Agree completely about the feebleness of the Banks piece. He wastes most of it building his elaborate straw man (the supposed writer of literary fiction who embarks on a county house murder mystery without realising that the genre was largely mined out by the 1940s), never saying who he is criticizing—I guess when you’re a famous writer you have to be careful about naming names: you might not get invited to the fashionable parties.

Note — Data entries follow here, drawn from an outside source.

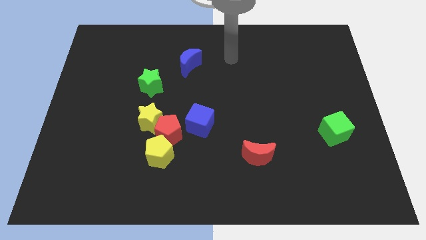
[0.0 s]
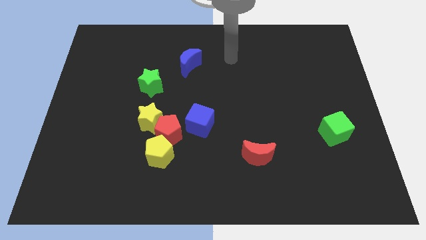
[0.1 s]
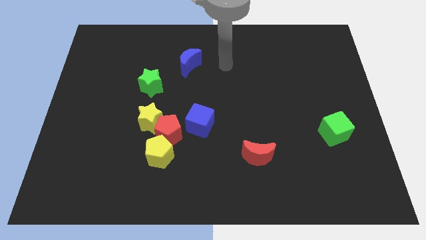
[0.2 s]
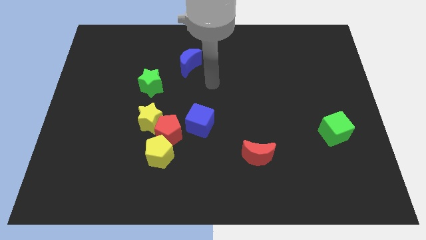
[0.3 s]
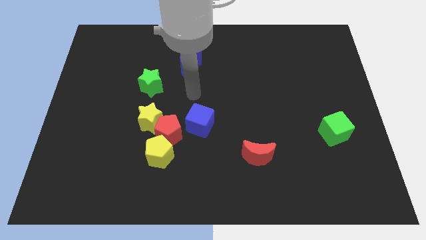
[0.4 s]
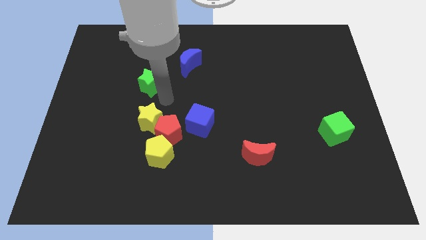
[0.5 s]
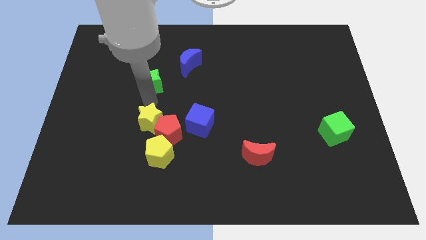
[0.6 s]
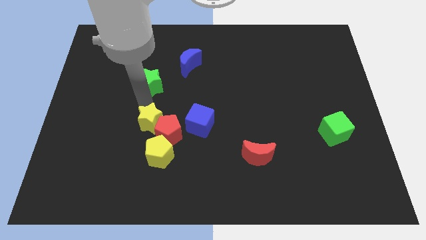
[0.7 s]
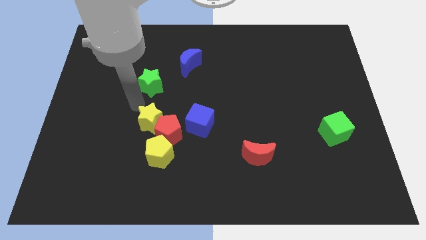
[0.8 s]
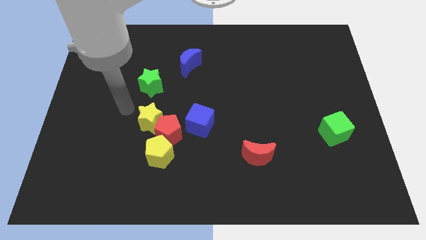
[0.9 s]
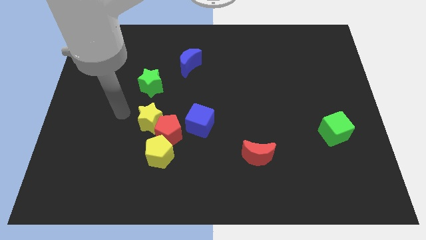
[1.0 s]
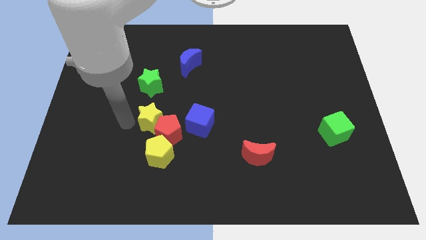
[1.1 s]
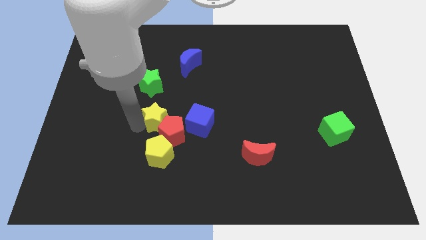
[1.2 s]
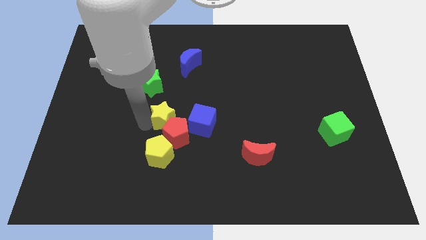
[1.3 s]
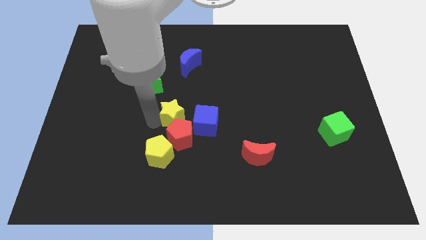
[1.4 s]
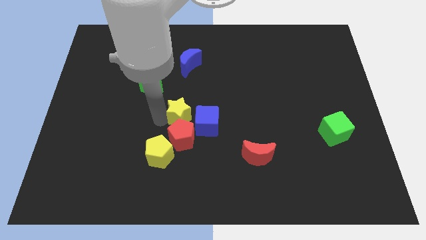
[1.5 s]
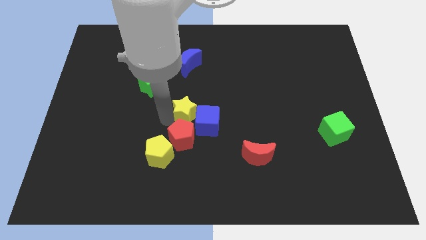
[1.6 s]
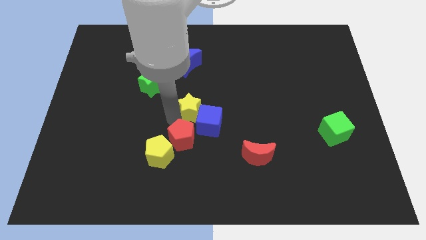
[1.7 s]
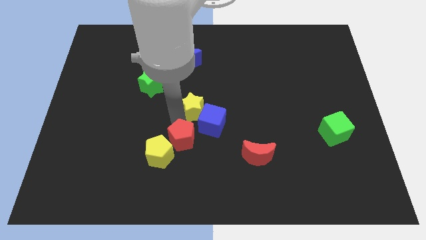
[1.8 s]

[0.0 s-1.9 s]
slide the yellow star close to the blue cube

Nice to see Margaret Atwood is a “leading sf writer”, though (which she genuinely is, especially in her reach beyond the genre into schools: her novels are made for classroom discussion). There was a time when she was reluctant to be ghettoised (the “talking squids in outer space” interview).
Gareth Rees
15 May 2011 at 23:13
Despite the headline to the lead-in, apparently authors were asked to choose *a* favorite book or author, not the-one-and-only-best. Still, that is how it was packaged for public consumption.
Shana
16 May 2011 at 11:16
I am slightly surprised at Banks’s reticience, he is so successful and well-established that there is no possible professional risk to him. As for private risk, surely as long as he can have the odd single malt in Edingburgh or glass of Krug in Soho with his SF peers, he doesn’t care about fashionable party invites. Is he really worried that Jeanette Winterson or Martin Amis are going to post poo through his letter box?

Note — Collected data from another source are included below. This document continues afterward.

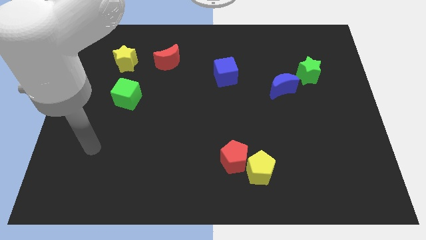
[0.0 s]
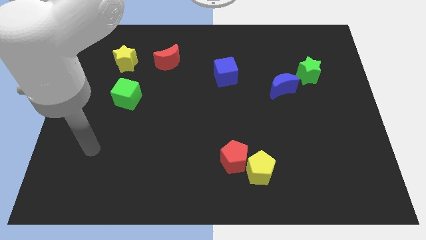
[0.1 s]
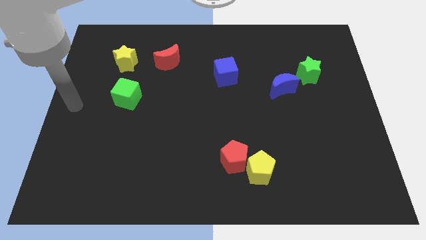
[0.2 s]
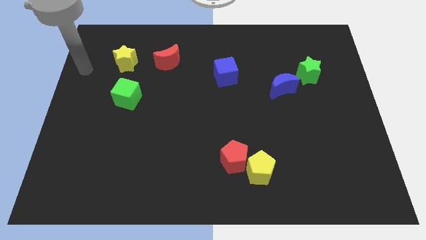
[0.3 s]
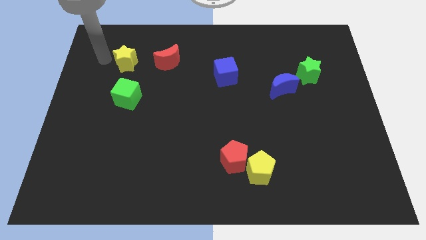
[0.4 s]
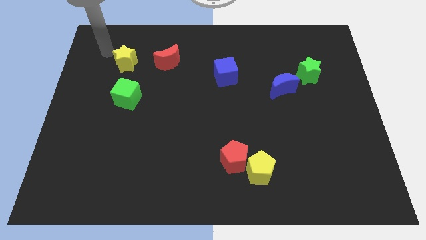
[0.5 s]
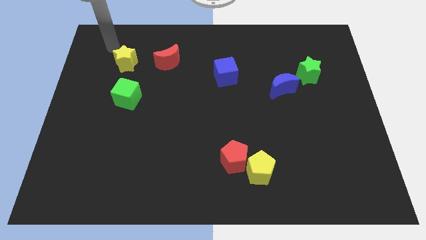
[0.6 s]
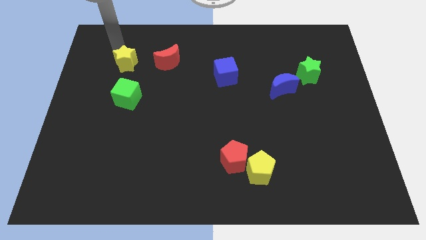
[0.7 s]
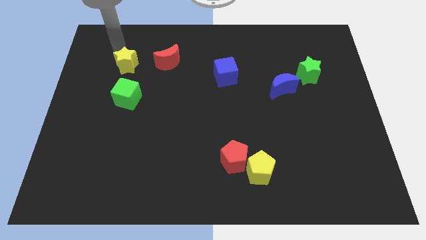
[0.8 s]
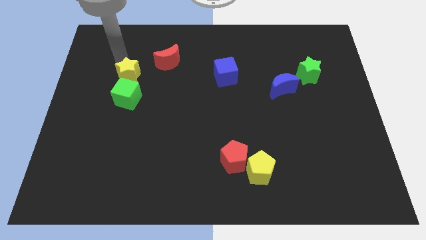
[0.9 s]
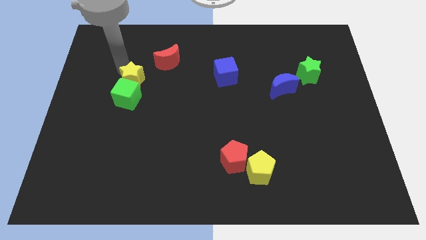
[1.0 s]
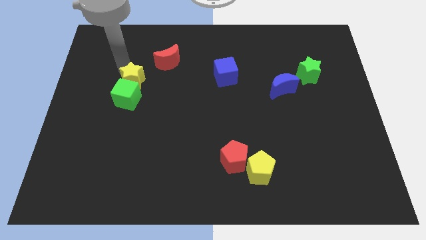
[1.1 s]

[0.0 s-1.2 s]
slide the yellow star next to the green cube

Those are two other potential names for the unnamed that have come up in the debate. I think this post by Cheryl Morgan is a good demonstration of why it is important to name names since as once they are out of the bottle, you can actually have a proper conversation. Maybe he did mean The Stone Gods but LeGuin quite liked it. Maybe he did mean Time’s Arrow but Ellen Datlow quite liked it. Obviously, just because they liked them, doesn’t mean that the works are actually good but it does suggest that being a dabbler is very much in the eye of the beholder and not a black and white matter of Us versus Them.
Martin
16 May 2011 at 14:58
I’m as fed up as China is about this whole debate. It’s also why I chose not to sign the recent petition to the BBC about the treatment of genre.
Al R
16 May 2011 at 15:49
Don’t get me started on that bloody petition! It never occured to me that Stephen Hunt’s idiotic crusade would have legs but apparently so. And I see from the Bookseller that Banks did sign it. Oh, Banksie :(
Martin
16 May 2011 at 16:04
The positive approach is to discuss the writers one thinks are being neglected because of “ghetto”, and that’s where Iain really goes wrong, I think. Better than making a list of all the people that fucked him over, he could have pointed to writers he feels deserve a wider readership. The debate (even if we need a debate, which is arguable) should be focused on great books rather than shit ones.